** Problem to work on **
Transcribe the listing below in full, exactly, with no images.

[[ Source material open ]]

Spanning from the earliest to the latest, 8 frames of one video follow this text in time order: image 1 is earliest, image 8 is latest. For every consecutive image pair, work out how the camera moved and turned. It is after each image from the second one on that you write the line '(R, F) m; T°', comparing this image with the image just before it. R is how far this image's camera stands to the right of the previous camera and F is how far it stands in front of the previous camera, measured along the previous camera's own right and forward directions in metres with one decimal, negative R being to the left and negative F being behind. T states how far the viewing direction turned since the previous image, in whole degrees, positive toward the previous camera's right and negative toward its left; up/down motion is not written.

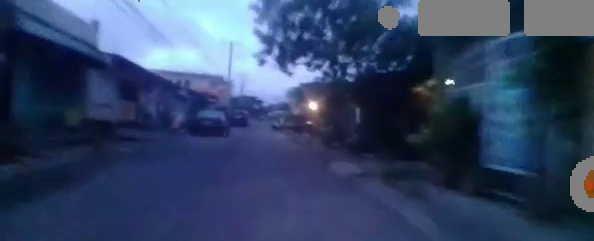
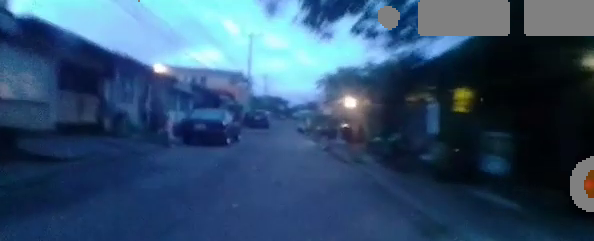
(-0.3, +7.7) m; -2°
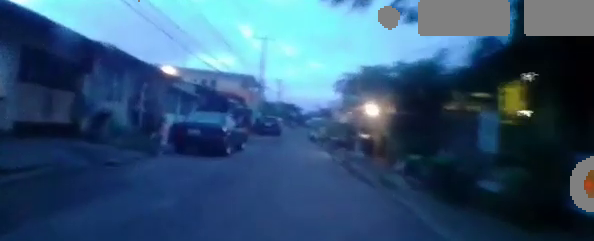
(0.0, +2.9) m; 0°
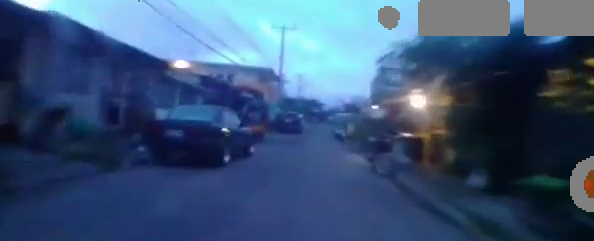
(0.0, +3.6) m; +2°
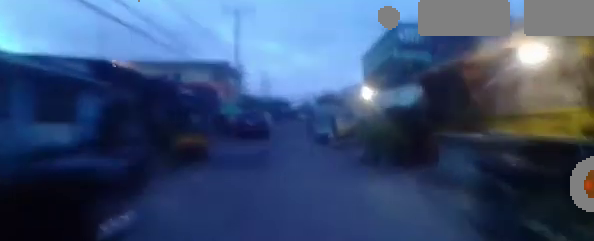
(+0.4, +7.7) m; +3°
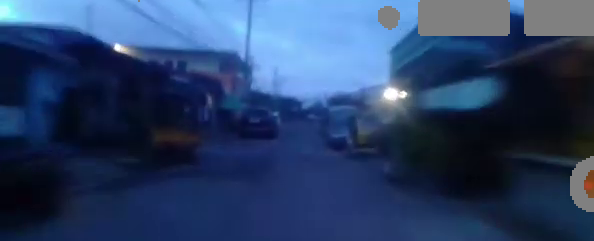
(-0.1, +2.0) m; 0°
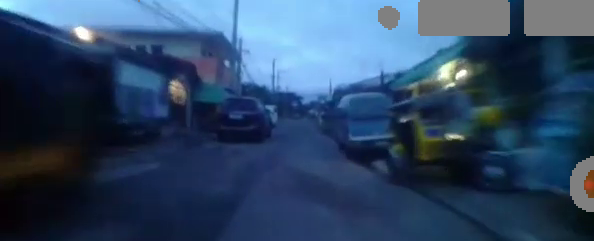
(0.0, +4.5) m; +3°
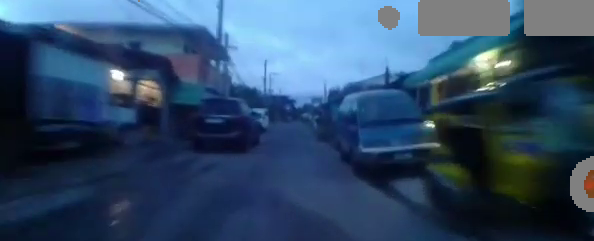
(0.0, +1.8) m; 0°
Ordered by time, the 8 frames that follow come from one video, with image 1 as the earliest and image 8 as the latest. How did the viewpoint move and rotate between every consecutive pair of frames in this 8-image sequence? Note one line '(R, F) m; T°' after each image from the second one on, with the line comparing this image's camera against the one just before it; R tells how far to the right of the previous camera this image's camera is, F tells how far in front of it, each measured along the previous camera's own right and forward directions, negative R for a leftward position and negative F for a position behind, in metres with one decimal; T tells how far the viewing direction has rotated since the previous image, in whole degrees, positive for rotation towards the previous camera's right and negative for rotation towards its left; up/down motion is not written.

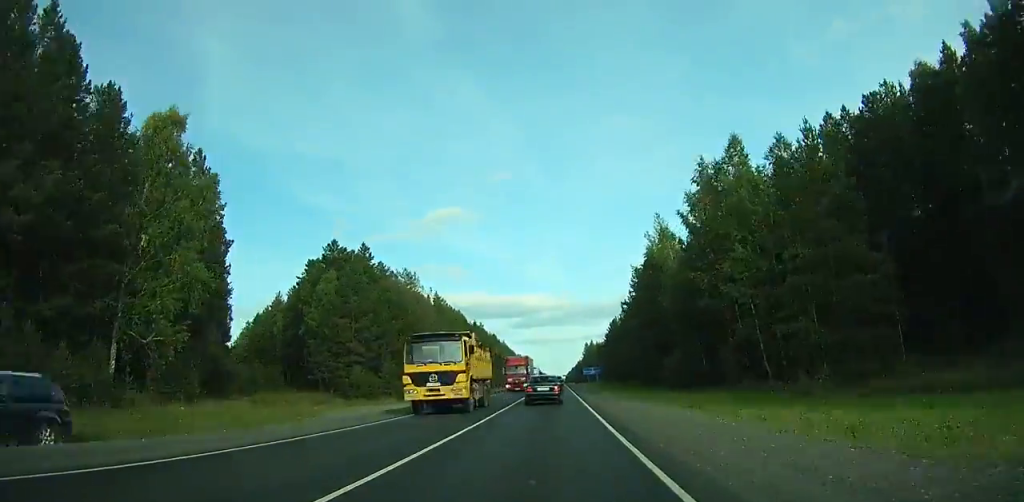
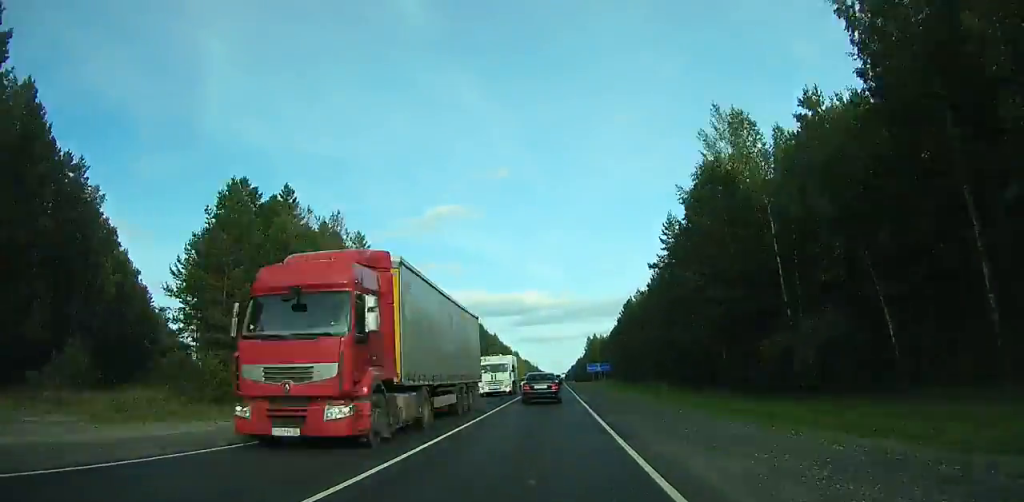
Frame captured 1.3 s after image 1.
(+0.2, +28.6) m; 0°
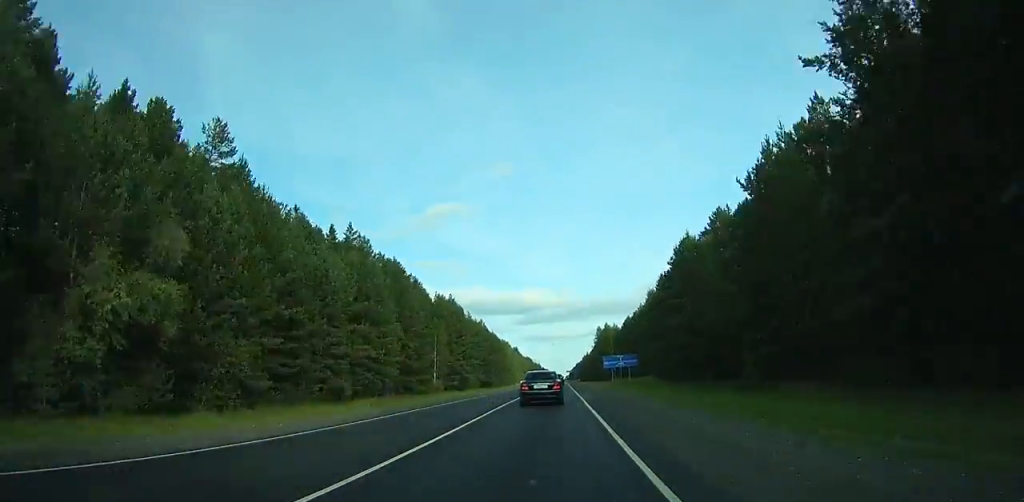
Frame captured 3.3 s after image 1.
(-0.2, +43.5) m; +1°
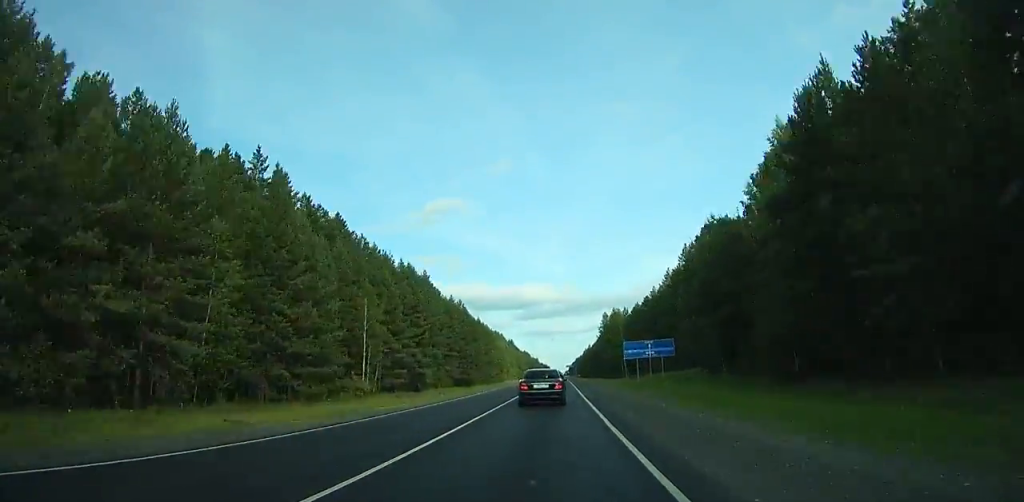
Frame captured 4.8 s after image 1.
(+0.1, +32.3) m; 0°
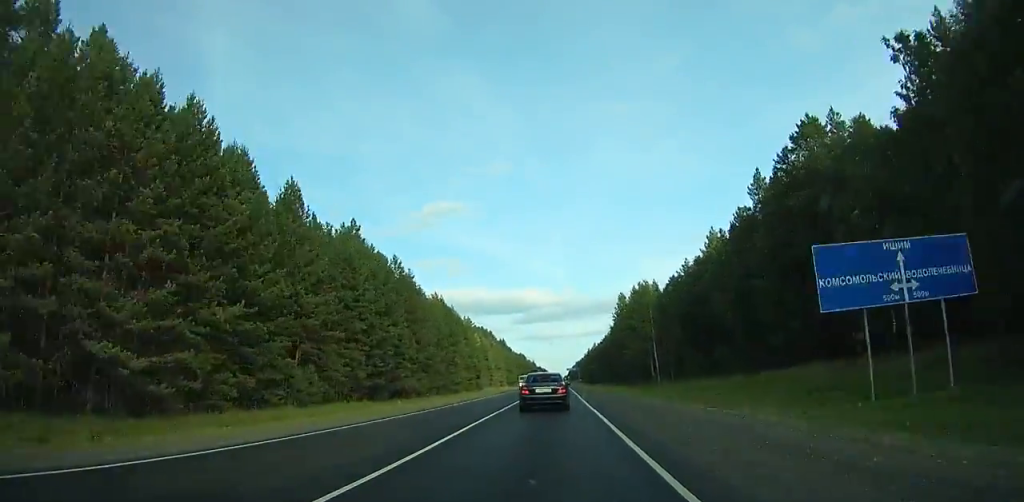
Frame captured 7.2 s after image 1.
(+1.6, +50.9) m; -1°
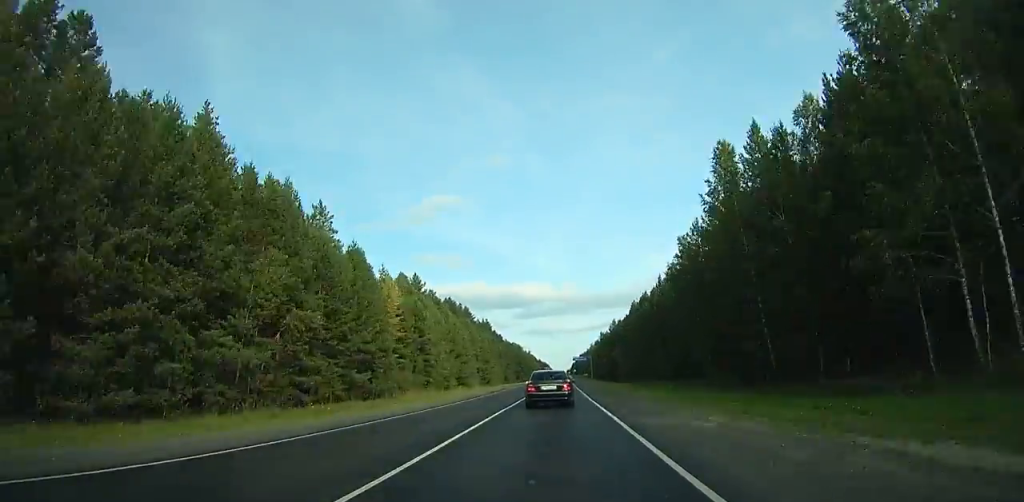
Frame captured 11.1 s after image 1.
(-3.6, +78.0) m; -1°
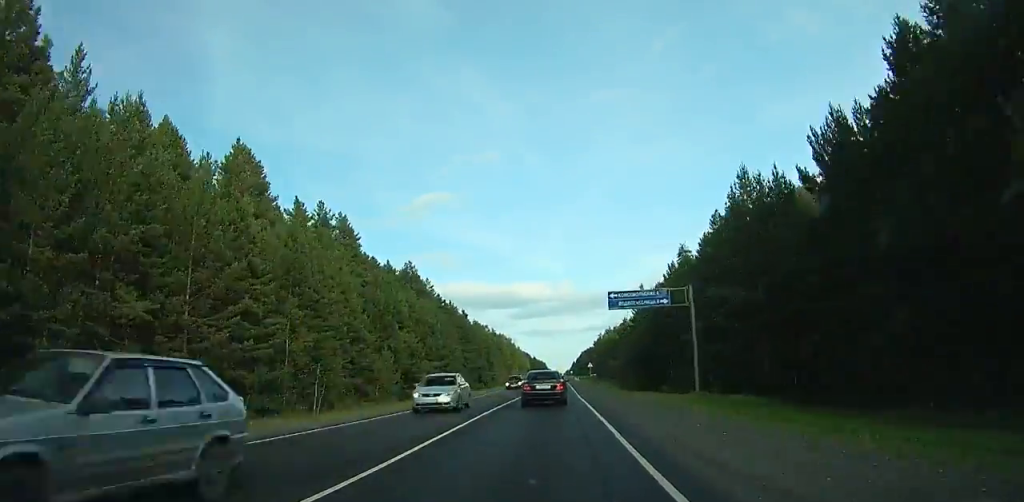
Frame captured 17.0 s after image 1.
(+2.4, +118.6) m; +1°
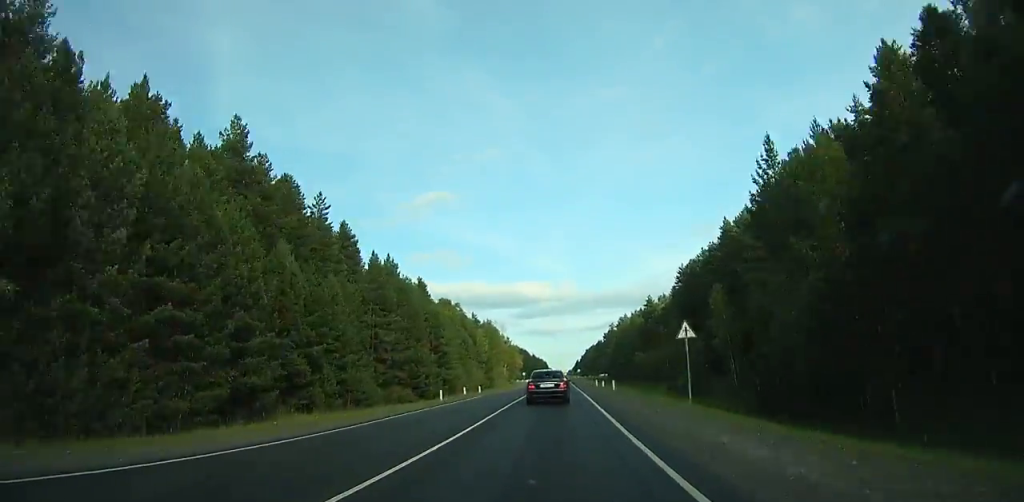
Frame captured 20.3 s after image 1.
(-0.5, +67.7) m; -1°
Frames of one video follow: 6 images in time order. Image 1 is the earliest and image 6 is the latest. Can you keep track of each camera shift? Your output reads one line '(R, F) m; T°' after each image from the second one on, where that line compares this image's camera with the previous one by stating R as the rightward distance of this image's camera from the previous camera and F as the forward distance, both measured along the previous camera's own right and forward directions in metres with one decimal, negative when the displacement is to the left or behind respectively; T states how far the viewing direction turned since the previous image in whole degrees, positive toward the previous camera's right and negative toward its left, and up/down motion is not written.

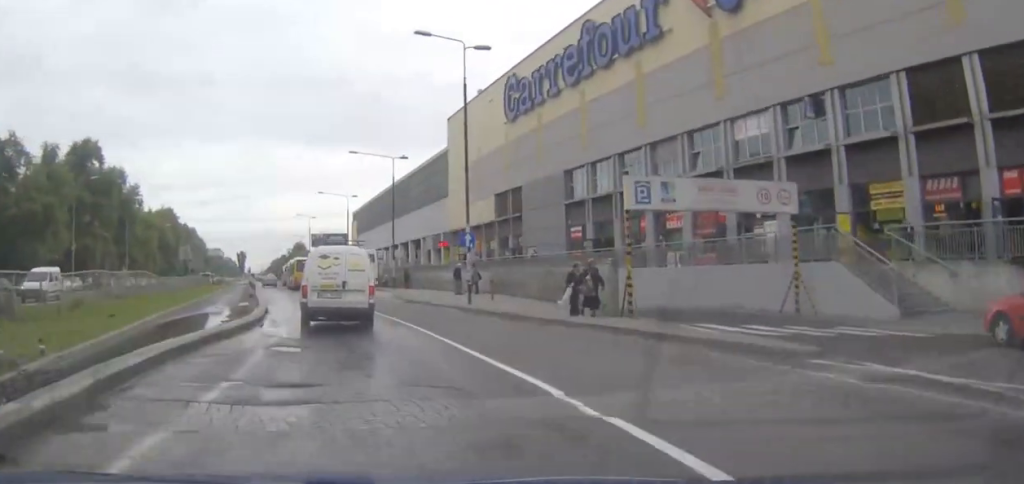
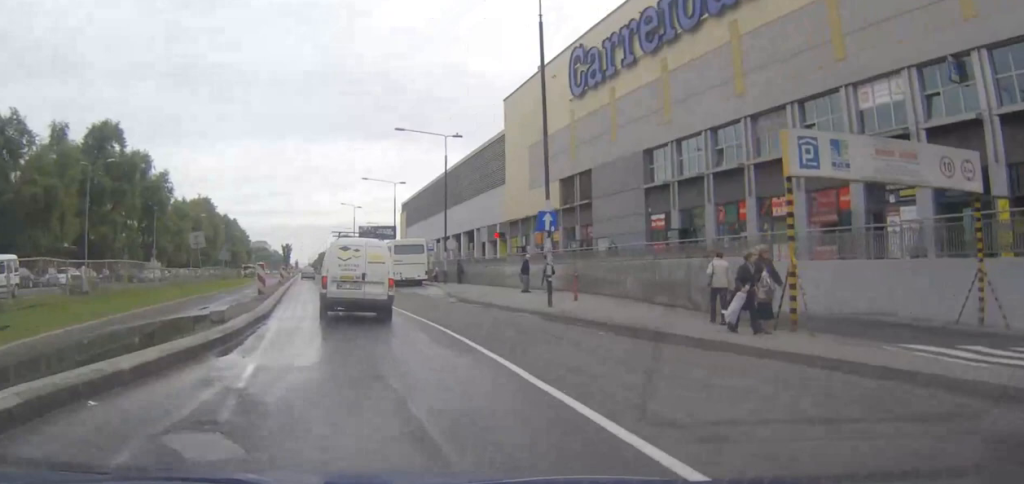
(-0.1, +7.5) m; -2°
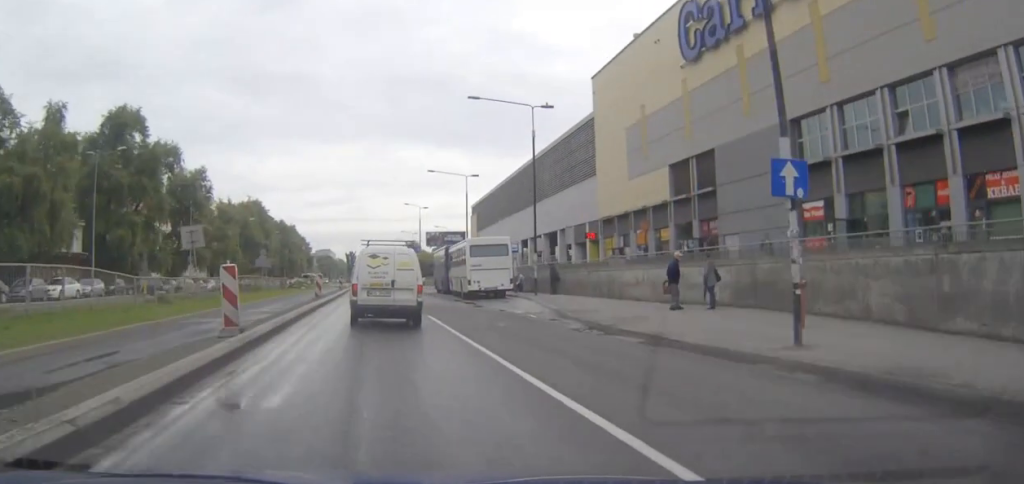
(-0.4, +11.8) m; -3°
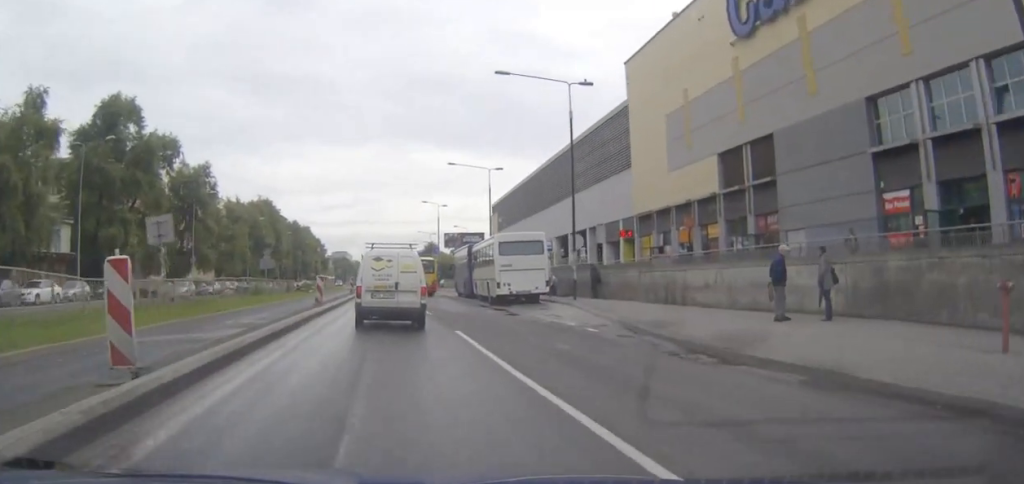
(-0.1, +5.7) m; -1°
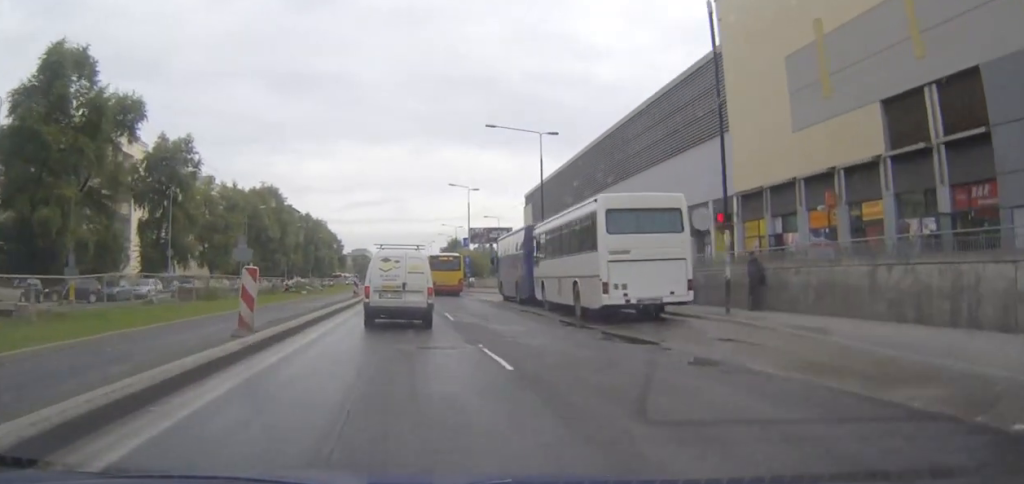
(-0.5, +15.4) m; -2°
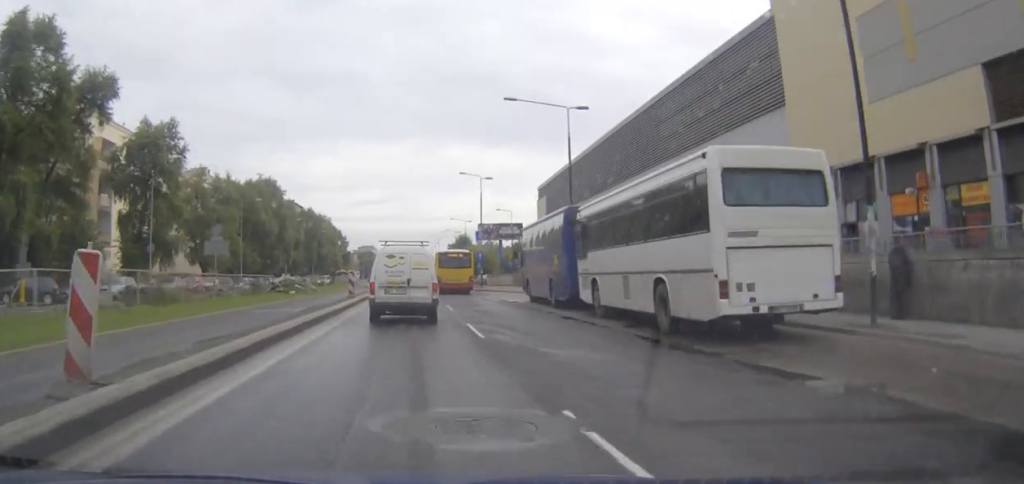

[[ Source material closed ]]

** Answer area **
Spanning from the earliest to the latest, 8 frames of one video follow this text in time order: image 1 is earliest, image 8 is latest. For every consecutive image pair, work out how the camera moved and turned. It is after each image from the second one on that you write the line '(R, F) m; T°', comparing this image with the image just before it. R is how far this image's camera stands to the right of the previous camera and F is how far it stands in front of the previous camera, measured along the previous camera's own right and forward directions in metres with one decimal, negative R being to the left and negative F being behind. T states how far the viewing direction turned since the previous image, in whole degrees, positive toward the previous camera's right and negative toward its left; up/down motion is not written.

(-0.3, +7.7) m; -2°
(0.0, +2.9) m; 0°
(0.0, +3.6) m; +2°
(+0.4, +7.7) m; +3°
(-0.1, +2.0) m; 0°
(0.0, +4.5) m; +3°
(0.0, +1.8) m; 0°
Ordered by time, the 8 frames that follow come from one video, with image 1 as the earliest and image 8 as the latest. How did the viewpoint move and rotate between every consecutive pair of frames in this 8-image sequence? Note one line '(R, F) m; T°' after each image from the second one on, with the line comparing this image's camera against the one just before it; R tells how far to the right of the previous camera this image's camera is, F tells how far in front of it, each measured along the previous camera's own right and forward directions, negative R for a leftward position and negative F for a position behind, in metres with one decimal; T tells how far the viewing direction has rotated since the previous image, in whole degrees, positive for rotation towards the previous camera's right and negative for rotation towards its left; up/down motion is not written.

Frame captured 1.3 s after image 1.
(+0.2, +28.6) m; 0°
Frame captured 3.3 s after image 1.
(-0.2, +43.5) m; +1°
Frame captured 4.8 s after image 1.
(+0.1, +32.3) m; 0°
Frame captured 7.2 s after image 1.
(+1.6, +50.9) m; -1°
Frame captured 11.1 s after image 1.
(-3.6, +78.0) m; -1°
Frame captured 17.0 s after image 1.
(+2.4, +118.6) m; +1°
Frame captured 20.3 s after image 1.
(-0.5, +67.7) m; -1°
Frames of one video follow: 6 images in time order. Image 1 is the earliest and image 6 is the latest. Can you keep track of each camera shift? Your output reads one line '(R, F) m; T°' after each image from the second one on, where that line compares this image's camera with the previous one by stating R as the rightward distance of this image's camera from the previous camera and F as the forward distance, both measured along the previous camera's own right and forward directions in metres with one decimal, negative when the displacement is to the left or behind respectively; T states how far the viewing direction turned since the previous image in whole degrees, positive toward the previous camera's right and negative toward its left, and up/down motion is not written.

(-0.1, +7.5) m; -2°
(-0.4, +11.8) m; -3°
(-0.1, +5.7) m; -1°
(-0.5, +15.4) m; -2°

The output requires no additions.